En outre, la Confédération a commandé ou subventionné deux projets de recherche afin de renforcer les bases scientifiques servant à prévenir et à combattre la maladie du légionnaire. Dans le cadre du projet « LeCo : lutter contre les légionelles dans les bâtiments », cette question a été examinée. Les recommandations qui en découlent portent notamment sur des aspects liés au diagnostic, à la santé publique et aux techniques de construction. Ces recommandations et la position de la Confédération sont publiées sur le site de l’OSAV. Le deuxième projet, SwissLEGIO, une étude des cas témoins achevée en 2025, a livré des informations essentielles sur l’épidémiologie complexe de cette maladie. Il en ressort que diverses sources d’infection et des facteurs individuels, sociaux et environnementaux peuvent participer au risque de contracter la maladie. Vous trouverez de plus amples informations sur ces projets en cliquant sur les liens suivants.

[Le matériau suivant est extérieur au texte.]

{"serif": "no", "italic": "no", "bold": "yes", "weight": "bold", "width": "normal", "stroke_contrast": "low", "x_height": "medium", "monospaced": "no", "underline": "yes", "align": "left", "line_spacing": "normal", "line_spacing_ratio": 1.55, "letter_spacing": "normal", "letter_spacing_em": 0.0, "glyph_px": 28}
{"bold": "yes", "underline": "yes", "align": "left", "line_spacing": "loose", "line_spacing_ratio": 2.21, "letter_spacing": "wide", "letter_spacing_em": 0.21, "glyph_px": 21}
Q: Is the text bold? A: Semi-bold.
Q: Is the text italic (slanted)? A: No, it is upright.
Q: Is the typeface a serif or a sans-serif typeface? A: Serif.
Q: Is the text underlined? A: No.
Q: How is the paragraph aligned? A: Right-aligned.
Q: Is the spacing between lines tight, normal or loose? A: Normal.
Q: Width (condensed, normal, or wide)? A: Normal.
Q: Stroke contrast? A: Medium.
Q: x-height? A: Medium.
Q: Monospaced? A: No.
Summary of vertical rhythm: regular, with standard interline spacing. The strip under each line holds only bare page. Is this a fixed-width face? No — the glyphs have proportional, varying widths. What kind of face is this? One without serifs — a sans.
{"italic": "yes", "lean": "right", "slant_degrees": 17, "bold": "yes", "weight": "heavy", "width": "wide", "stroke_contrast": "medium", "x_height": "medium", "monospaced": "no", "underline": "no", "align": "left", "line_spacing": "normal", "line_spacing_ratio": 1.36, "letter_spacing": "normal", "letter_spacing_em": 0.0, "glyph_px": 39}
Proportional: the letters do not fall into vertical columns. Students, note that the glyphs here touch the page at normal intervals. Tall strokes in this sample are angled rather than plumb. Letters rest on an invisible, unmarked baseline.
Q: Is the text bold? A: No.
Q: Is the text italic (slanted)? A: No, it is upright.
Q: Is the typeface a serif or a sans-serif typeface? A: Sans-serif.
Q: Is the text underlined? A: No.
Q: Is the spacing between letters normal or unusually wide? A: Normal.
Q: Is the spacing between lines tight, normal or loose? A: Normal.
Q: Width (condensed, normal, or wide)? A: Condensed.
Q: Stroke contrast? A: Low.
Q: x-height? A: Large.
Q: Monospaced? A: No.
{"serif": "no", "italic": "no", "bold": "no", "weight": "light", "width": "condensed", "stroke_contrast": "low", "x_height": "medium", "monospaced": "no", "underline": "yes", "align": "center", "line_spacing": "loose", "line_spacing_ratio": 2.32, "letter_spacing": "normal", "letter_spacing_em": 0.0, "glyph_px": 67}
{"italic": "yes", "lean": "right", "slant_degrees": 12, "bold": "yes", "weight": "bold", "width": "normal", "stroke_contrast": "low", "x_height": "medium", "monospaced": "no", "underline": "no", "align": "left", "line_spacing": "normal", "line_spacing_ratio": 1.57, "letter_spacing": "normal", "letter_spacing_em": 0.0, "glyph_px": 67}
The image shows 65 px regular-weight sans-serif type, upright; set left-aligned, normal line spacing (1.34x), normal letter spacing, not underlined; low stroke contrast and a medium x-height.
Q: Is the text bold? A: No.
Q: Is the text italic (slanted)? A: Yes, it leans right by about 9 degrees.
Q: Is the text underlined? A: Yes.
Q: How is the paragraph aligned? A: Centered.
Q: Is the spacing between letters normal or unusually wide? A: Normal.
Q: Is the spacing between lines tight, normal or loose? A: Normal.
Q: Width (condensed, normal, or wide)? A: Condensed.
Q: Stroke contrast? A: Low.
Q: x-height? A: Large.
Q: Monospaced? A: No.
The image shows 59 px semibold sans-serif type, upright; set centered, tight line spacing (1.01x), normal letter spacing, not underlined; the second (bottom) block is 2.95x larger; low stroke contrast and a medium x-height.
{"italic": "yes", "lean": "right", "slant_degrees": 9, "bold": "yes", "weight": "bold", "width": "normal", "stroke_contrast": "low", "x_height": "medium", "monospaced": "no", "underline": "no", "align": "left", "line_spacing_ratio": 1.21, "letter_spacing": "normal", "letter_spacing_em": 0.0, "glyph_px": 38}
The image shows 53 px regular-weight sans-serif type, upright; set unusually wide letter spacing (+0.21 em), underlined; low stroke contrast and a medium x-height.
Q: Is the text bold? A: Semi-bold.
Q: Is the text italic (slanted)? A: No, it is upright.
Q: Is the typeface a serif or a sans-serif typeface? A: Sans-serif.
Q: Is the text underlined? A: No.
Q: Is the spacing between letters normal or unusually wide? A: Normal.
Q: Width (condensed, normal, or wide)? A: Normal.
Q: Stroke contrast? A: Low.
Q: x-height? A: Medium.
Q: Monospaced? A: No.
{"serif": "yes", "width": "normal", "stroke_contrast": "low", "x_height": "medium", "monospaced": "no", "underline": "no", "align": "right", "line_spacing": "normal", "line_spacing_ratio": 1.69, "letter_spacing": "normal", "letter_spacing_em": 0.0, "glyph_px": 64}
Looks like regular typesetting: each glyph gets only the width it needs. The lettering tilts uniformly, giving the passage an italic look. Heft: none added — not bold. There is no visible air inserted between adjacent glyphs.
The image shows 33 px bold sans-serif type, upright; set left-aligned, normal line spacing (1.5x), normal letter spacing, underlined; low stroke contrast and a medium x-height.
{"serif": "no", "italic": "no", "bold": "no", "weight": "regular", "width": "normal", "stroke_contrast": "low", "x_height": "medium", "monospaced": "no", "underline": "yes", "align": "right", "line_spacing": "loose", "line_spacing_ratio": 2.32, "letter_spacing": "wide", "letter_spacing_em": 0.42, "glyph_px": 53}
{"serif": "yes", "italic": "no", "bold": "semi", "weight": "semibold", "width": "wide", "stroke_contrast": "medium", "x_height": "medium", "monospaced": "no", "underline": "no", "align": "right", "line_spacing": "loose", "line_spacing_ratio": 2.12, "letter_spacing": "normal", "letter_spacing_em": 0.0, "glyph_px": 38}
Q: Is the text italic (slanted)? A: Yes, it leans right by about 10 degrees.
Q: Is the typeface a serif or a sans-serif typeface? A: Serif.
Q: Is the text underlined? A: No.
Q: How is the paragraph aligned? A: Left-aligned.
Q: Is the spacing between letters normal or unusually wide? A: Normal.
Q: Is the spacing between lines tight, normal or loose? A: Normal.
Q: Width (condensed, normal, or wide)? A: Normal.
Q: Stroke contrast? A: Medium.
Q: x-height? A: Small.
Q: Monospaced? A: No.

Projet LeCo : lutter contre les légionelles dans les bâtiments | www.aramis.admin.ch

SwissLEGIO : étude nationale cas-témoins sur la légionellose en Suisse (en anglais) | www.swisstph.ch

Informations complémentaires

Bibliographie

  • Fischer FB, Deml MJ, Mäusezahl D. Legionnaires’ disease – a qualitative study on Swiss physicians’ approaches to the diagnosis and treatment of community-acquired pneumonia. Swiss Med Wkly. 2022 May 2 [cited 2024 Jul. 16];152(1718):w30157. Available from: https://smw.ch/index.php/smw/article/view/3190.
  • Fischer FB, Fanderl J, Mäusezahl D, Wymann MN. Évolution dans le temps et influence de différents facteurs sur la distribution géographique de la maladie du légionnaire en Suisse. OFSP Bulletin 2022 ; no 3 : 8-11.
  • Office fédéral de la santé publique. Maladie du légionnaire : rapport de situation Suisse 2022. 2024. Disponible sur : Légionellose (maladie du légionnaire).
  • European Centre for Disease Prevention and Control (ecdc), Surveillance Atlas of Infectious Diseases (europa.eu), accessed 18th June 2026.
  • Fischer FB, Schmutz C, Gaia V, Mäusezahl D. Legionnaires’ disease on the rise in Switzerland: A denominator-based analysis of national diagnostic data, 2007–2016. Int J Environ Res Public Health. 2020;17(19):7343. PubMed PMID: doi: https://doi.org/10.3390/ijerph17197343.
  • Office fédéral de la statistique. Espérance de vie. 2024. Disponible sur : Espérance de vie | Office fédéral de la statistique OFS.
  • Han XY (2021) Effects of climate changes and road exposure on the rapidly rising legionellosis incidence rates in the United States. PLoS ONE 16(4): e0250364. https://doi.org/10.1371/journal.pone.0250364.
  • Office fédéral de la santé publique et Office fédéral de la sécurité alimentaire et des affaires vétérinaires. Légionelles et légionellose : recommandations OFSP/OSAV. 2018. Disponible sur : Eau de douche et de baignade.